- [TASK TO CARRY OUT] All that is needed is the line containing "6.6 s after image 1." and the lines after it to the end of the material, written out exactly, pictures left aside.

(RECORDS SHOWN begins)

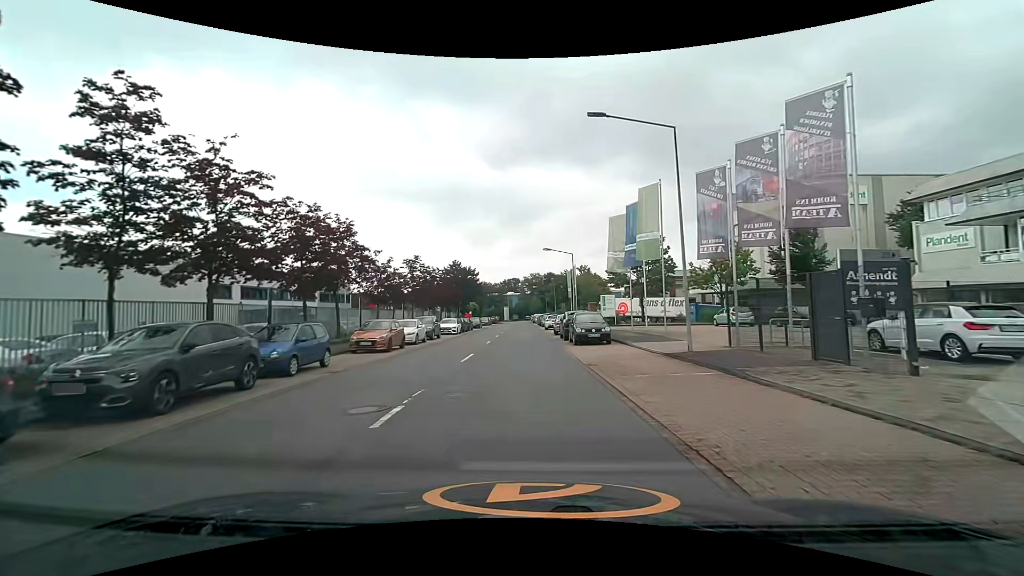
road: unclassified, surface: asphalt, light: Day
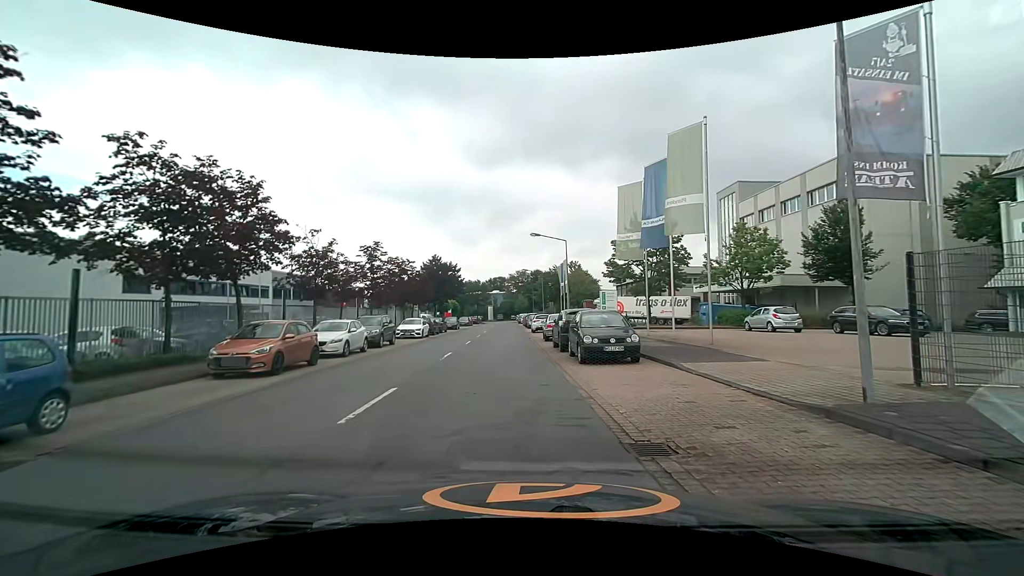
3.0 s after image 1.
(+0.1, +8.1) m; +2°
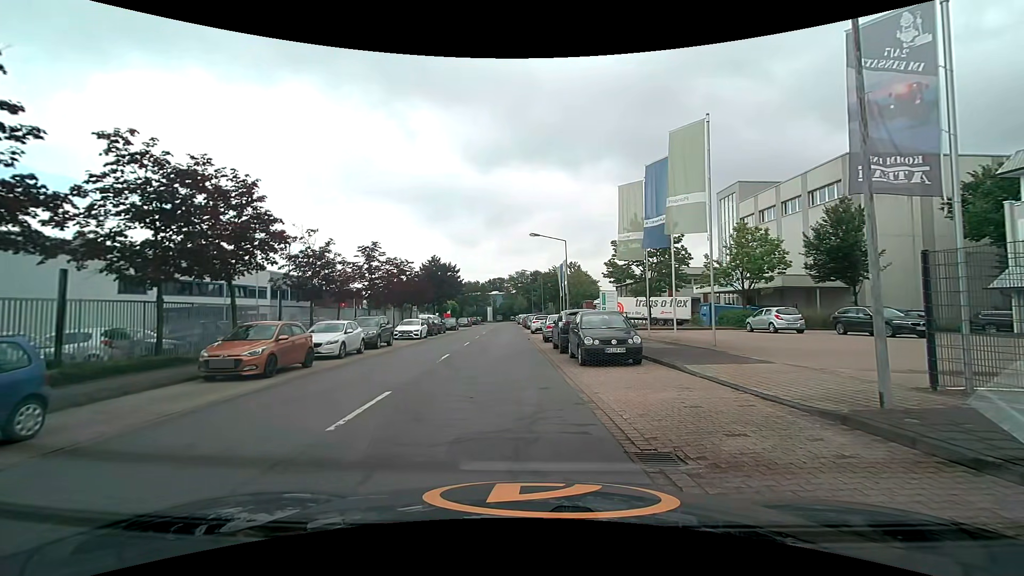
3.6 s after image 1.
(0.0, +0.3) m; 0°
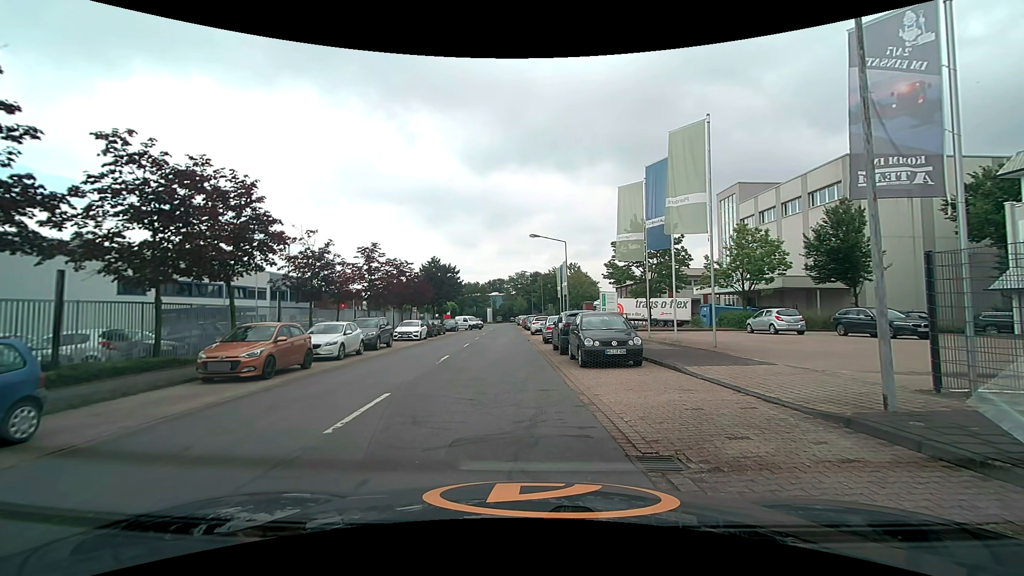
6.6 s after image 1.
(0.0, +0.2) m; 0°
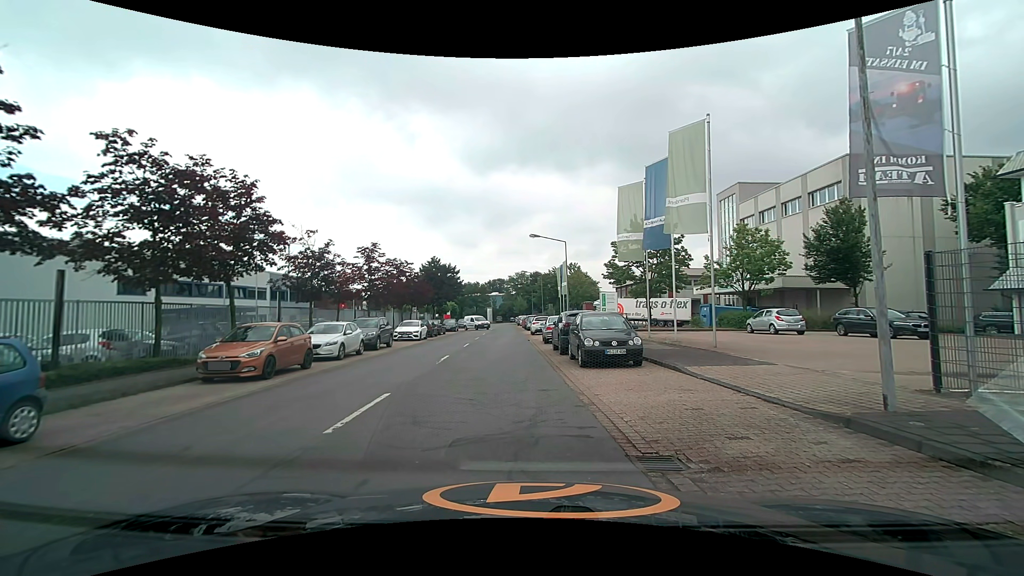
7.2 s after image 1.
(0.0, 0.0) m; 0°
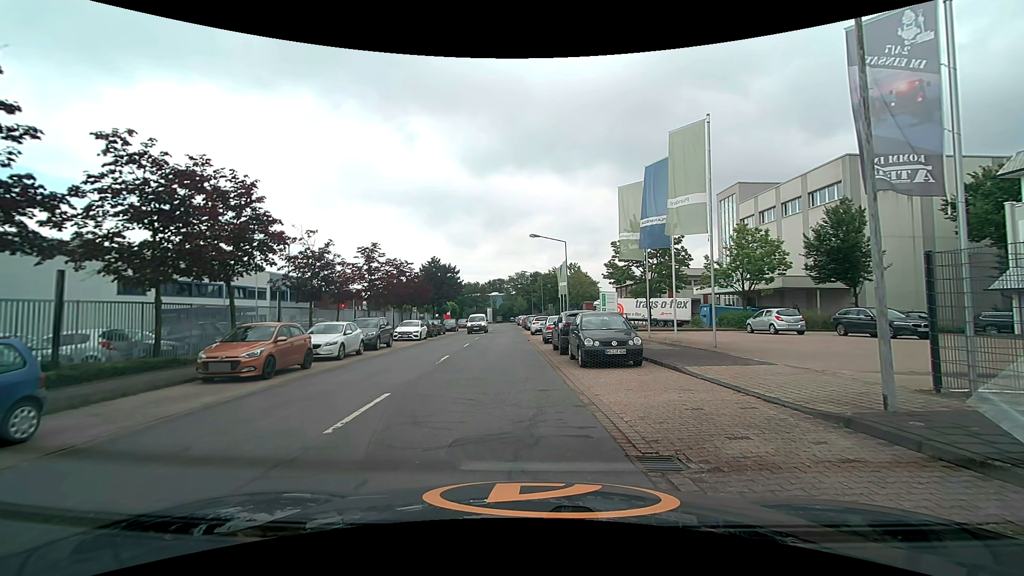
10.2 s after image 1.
(0.0, 0.0) m; 0°
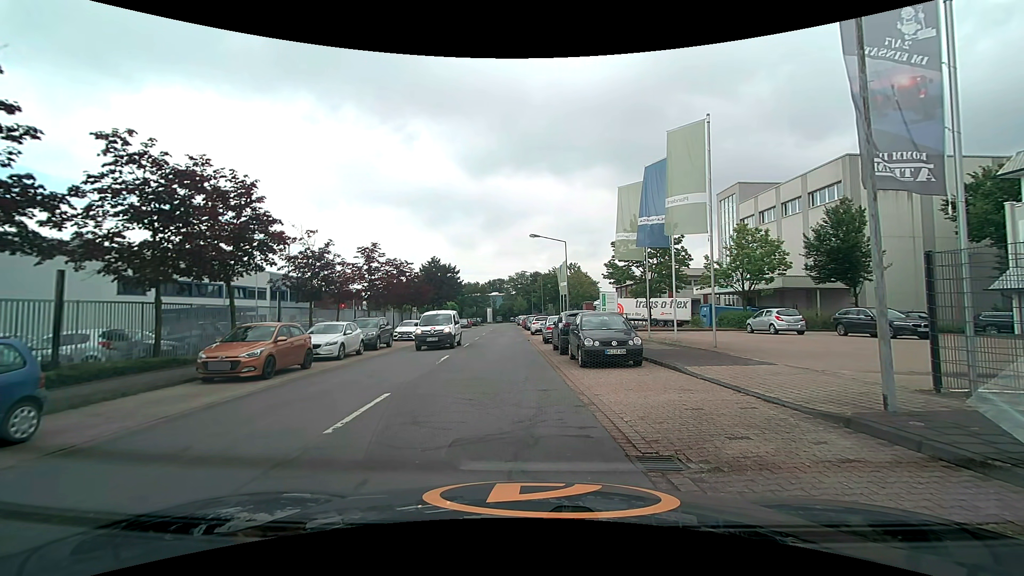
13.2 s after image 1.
(0.0, 0.0) m; 0°
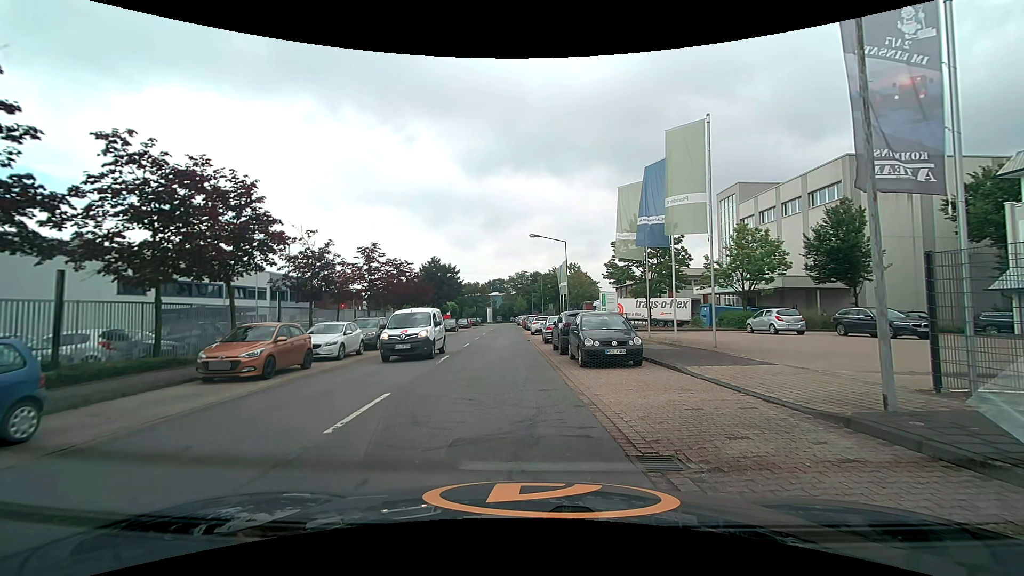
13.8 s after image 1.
(0.0, 0.0) m; 0°

(RECORDS SHOWN ends)

- [RESPONSE FOR THIS EXERCISE]
6.6 s after image 1.
(0.0, +0.2) m; 0°
7.2 s after image 1.
(0.0, 0.0) m; 0°
10.2 s after image 1.
(0.0, 0.0) m; 0°
13.2 s after image 1.
(0.0, 0.0) m; 0°
13.8 s after image 1.
(0.0, 0.0) m; 0°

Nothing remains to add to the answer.